In Brittany, recruitment to free-living maerl populations was predominantly from
branches shed from crustose plants; vegetative propagation from unattached plants was rare
(Cabioch, 1969). Freiwald (1995) likewise found that free-living L. glaciale maerl
in N. Norway originates from branched attached crusts. Huvé (1956), by contrast, reported
that fragmentation of free-living maerl thalli was the main method of reproduction in the
maerl beds near Marseilles. Propagation from branches shed from crustose plants may also
occur in Madeira and Tenerife, where crustose plants are frequent, but in UK waters, as
noted above, crustose plants of L. corallioides and P. calcareum are
extremely rare or unknown (Irvine & Chamberlain, 1994). Unattached plants of these
species must therefore be almost entirely vegetatively propagated. Lithothamnion
glaciale, on the other hand, is commonly found in both the free-living and attached
forms.
Reproduction
Most authors working on the taxonomy or ecology of maerl species comment that
reproductive organs are rarely found. During a 2-year-long monthly sampling sequence in
maerl beds in Galway Bay, Maggs (1983a) did not find any fertile thalli of L. corallioides.

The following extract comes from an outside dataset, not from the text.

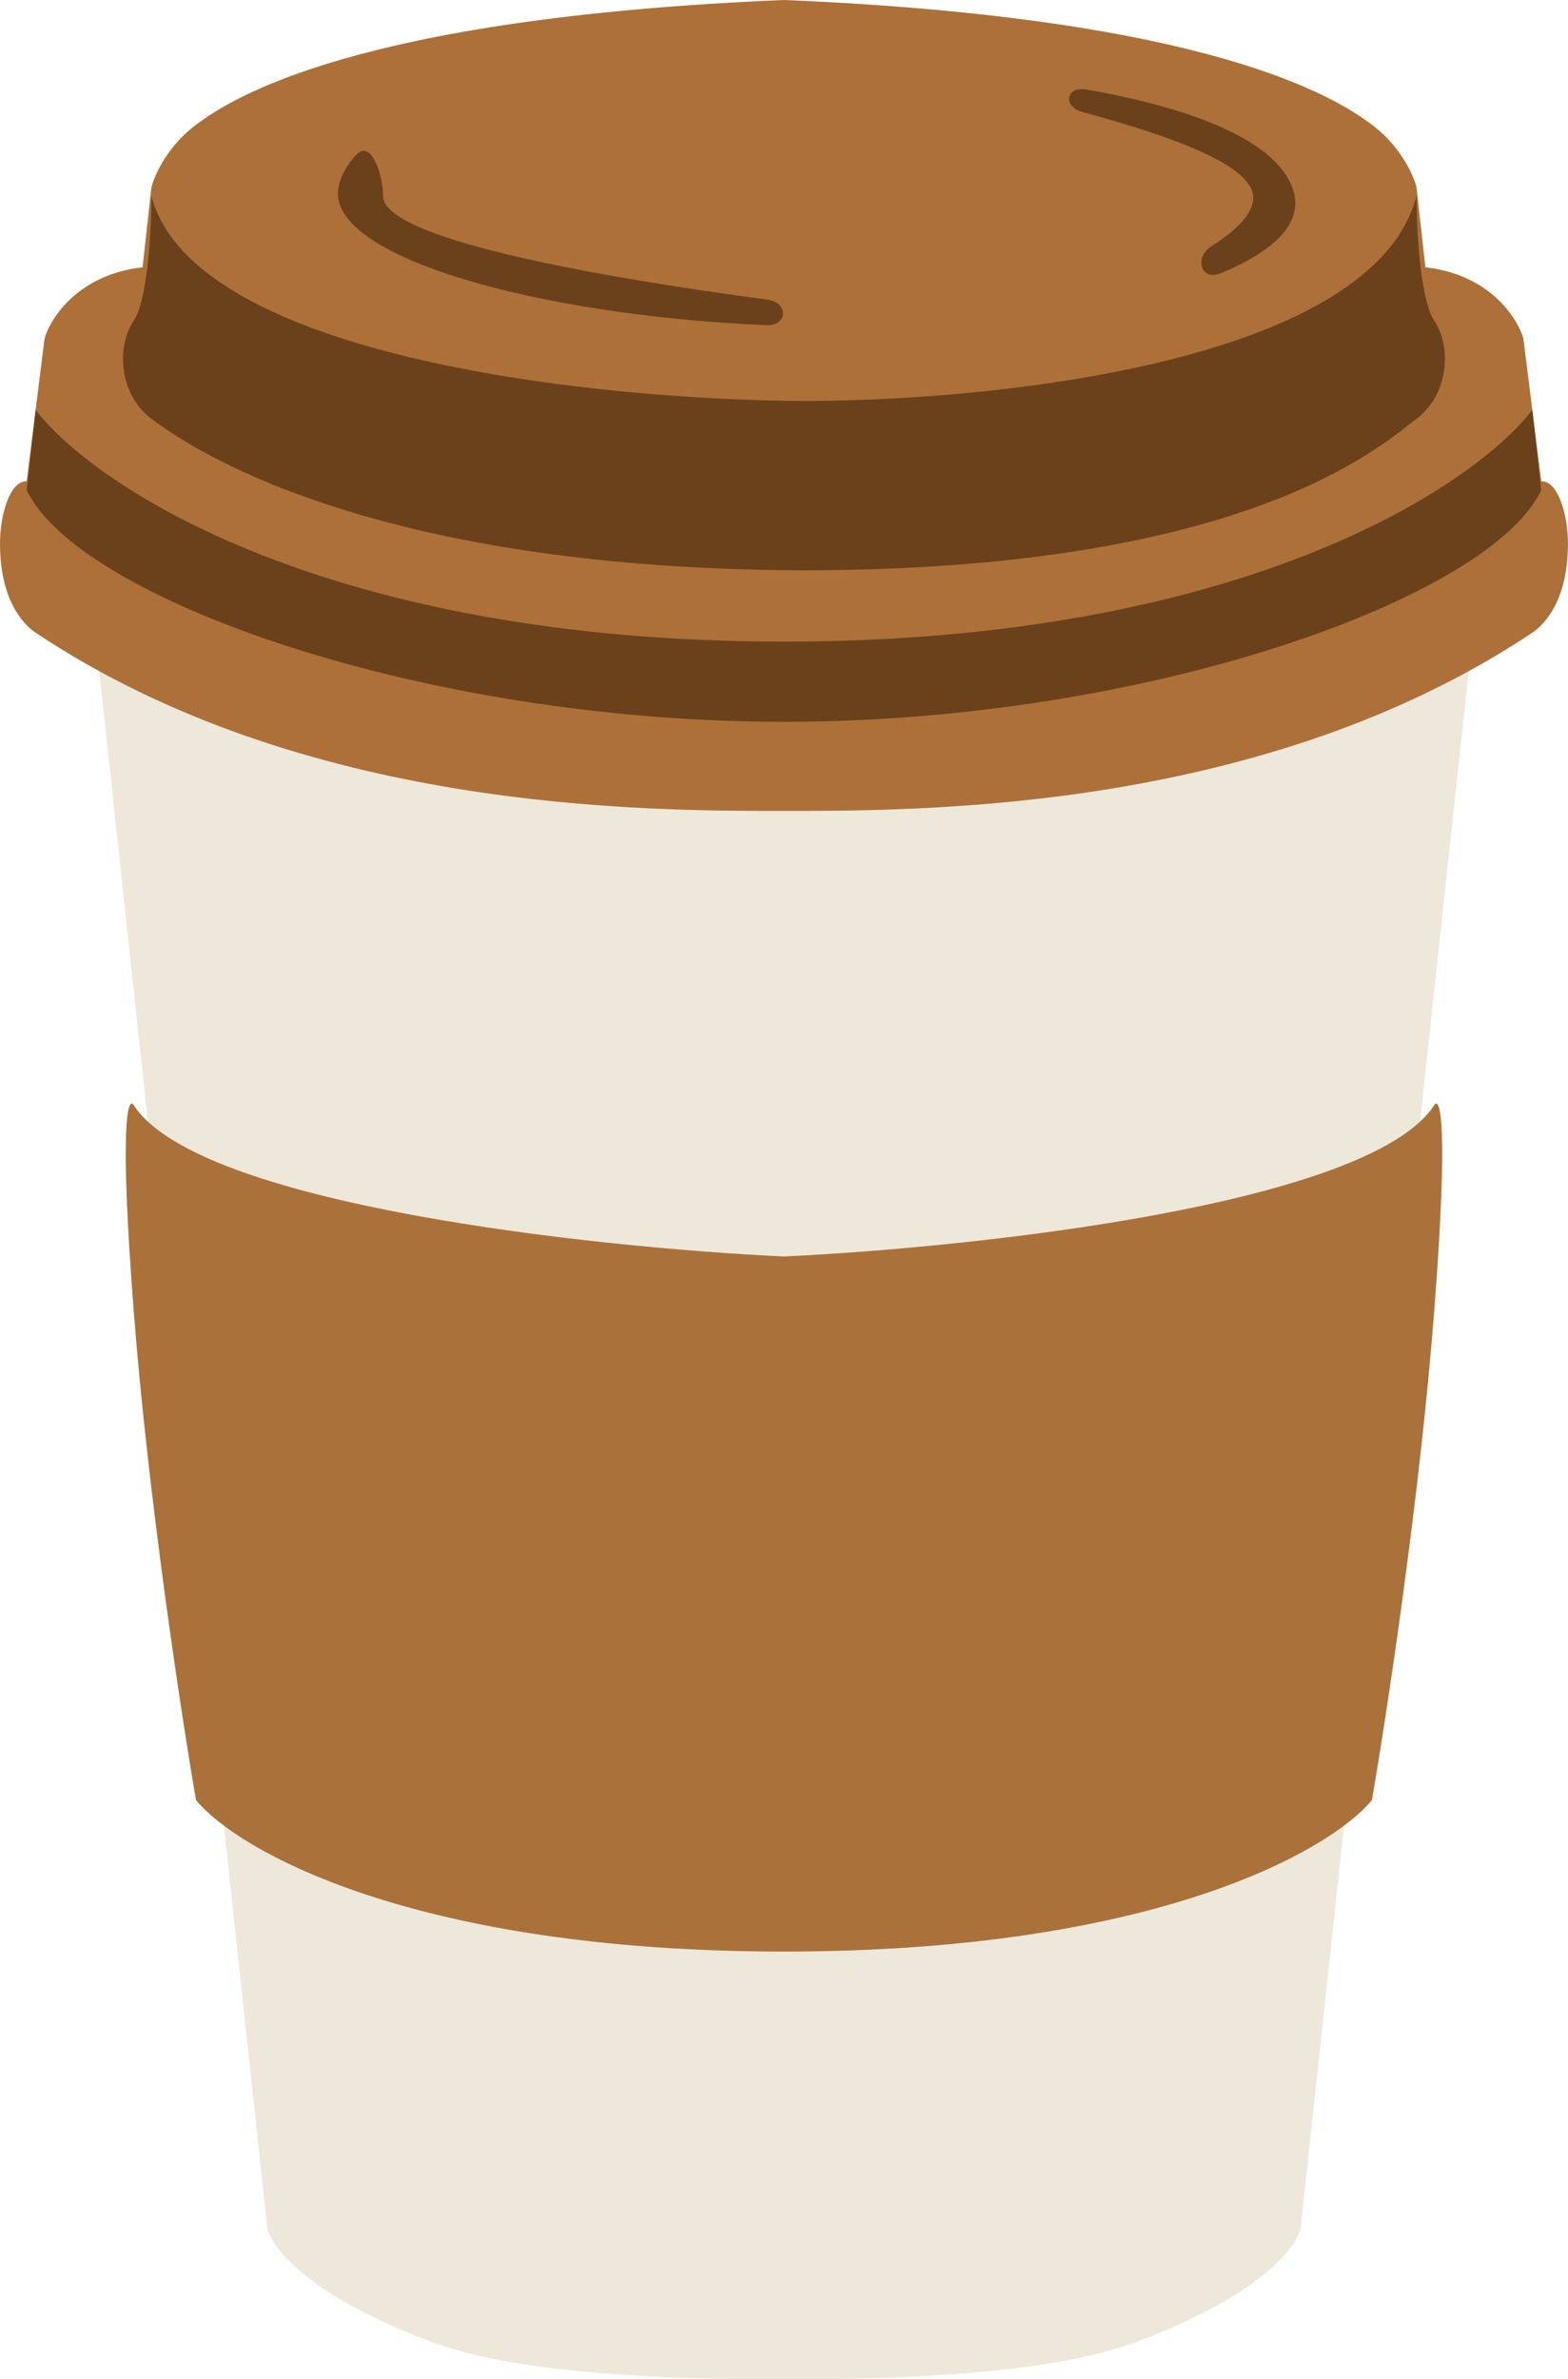 <?xml version="1.0" encoding="UTF-8"?><svg xmlns="http://www.w3.org/2000/svg" xmlns:xlink="http://www.w3.org/1999/xlink" fill="none" height="500.0" preserveAspectRatio="xMidYMid meet" style="fill: none;" version="1.0" viewBox="0.0 0.0 329.6 500.0" width="329.6" zoomAndPan="magnify"><g id="change1_1"><path clip-rule="evenodd" d="M164.794 499.999C177.903 499.999 217.228 499.999 237.828 492.509C265.019 482.621 272.784 471.909 273.408 468.164L308.989 138.576H164.794V138.577H20.599L56.18 468.164C56.804 471.91 64.569 482.621 91.76 492.509C112.359 500 151.685 500 164.794 500V499.999Z" fill="#EEE8DA" fill-rule="evenodd"/></g><g id="change2_1"><path clip-rule="evenodd" d="M41.199 378.277C49.938 388.889 86.891 410.112 164.794 410.112C242.697 410.112 279.65 388.889 288.389 378.277C291.511 360.174 298.502 314.232 301.498 275.281C304.494 236.329 302.746 230.337 301.498 232.209C288.015 253.183 204.744 262.172 164.794 264.045C124.844 262.172 41.573 253.183 28.09 232.209C26.841 230.337 25.094 236.329 28.09 275.281C31.086 314.232 38.077 360.174 41.199 378.277Z" fill="#AA713A" fill-rule="evenodd"/></g><g id="change3_1"><path clip-rule="evenodd" d="M164.794 170.412C194.756 170.412 265.917 170.412 322.097 132.959C323.97 131.71 329.588 126.969 329.588 114.232C329.588 108.614 327.715 101.124 323.97 101.124L320.225 71.161C318.976 66.791 313.108 57.678 299.625 56.18L297.753 39.326C297.128 36.829 294.382 30.712 288.389 26.217C280.899 20.599 254.682 3.745 164.794 0V0C74.906 3.745 48.689 20.599 41.199 26.217C35.206 30.712 32.459 36.829 31.835 39.326L29.962 56.18C16.479 57.678 10.612 66.792 9.363 71.161L5.618 101.124C1.873 101.124 0 108.614 0 114.232C0 126.969 5.618 131.71 7.491 132.959C63.67 170.412 134.831 170.412 164.794 170.412Z" fill="#AD7039" fill-rule="evenodd"/></g><g id="change4_1"><path clip-rule="evenodd" d="M297.753 41.199C297.753 48.065 298.502 62.921 301.498 67.416C305.243 73.034 304.453 82.99 297.753 88.015C297.344 88.322 296.873 88.69 296.334 89.112C287.065 96.366 257.482 119.519 170.412 119.847V119.85C170.09 119.85 169.768 119.85 169.447 119.849C169.145 119.85 168.843 119.85 168.539 119.85V119.847C76.279 119.5 39.276 93.595 31.835 88.015C25.135 82.99 24.345 73.034 28.09 67.416C31.086 62.921 31.835 48.065 31.835 41.199C40.757 75.399 126.672 84.14 169.457 84.268C212.097 84.145 288.828 75.409 297.753 41.199Z" fill="#6B411B" fill-rule="evenodd"/></g><g id="change4_2"><path d="M7.491 86.142C19.975 102.372 68.914 134.832 164.794 134.832C260.674 134.832 309.613 102.372 322.097 86.142L323.97 102.996C313.483 125.468 241.573 151.686 164.794 151.686C88.015 151.686 16.105 125.468 5.618 102.996L7.491 86.142Z" fill="#6B411B"/></g><g id="change4_3"><path d="M71.161 39.326C71.665 36.804 72.99 34.531 74.918 32.487C77.993 29.229 80.524 36.718 80.524 41.198C80.524 49.923 122.869 57.854 161.318 62.968C165.819 63.567 165.636 68.521 161.099 68.332C113.467 66.342 68.23 53.98 71.161 39.326Z" fill="#6B411B"/></g><g id="change4_4"><path d="M270.926 37.788C265.571 27.969 247.097 22.095 228.418 18.818C224.005 18.044 223.297 22.401 227.622 23.571C246.198 28.595 263.435 34.725 263.435 41.533C263.435 44.934 259.893 48.418 254.694 51.715C250.898 54.122 252.45 59.156 256.601 57.432C267.864 52.754 275.536 46.24 270.926 37.788Z" fill="#6B411B"/></g></svg>

Only one fertile plant of L. corallioides has been reported for the British Isles,
an epilithic plant from the south coast of England. In Galway Bay, only tetrasporangial
conceptacles were found for P. calcareum. At one site, these varied between an
average of 1 and 3 thalli per sample (except during May and June when none were found),
representing less than 1% of thalli. At a second site nearby, an average of 1 to 14
fertile thalli were found per sample, with a mid-summer maximum, although fertile plants
were found throughout the year. Many hundreds of specimens of P. calcareum and L.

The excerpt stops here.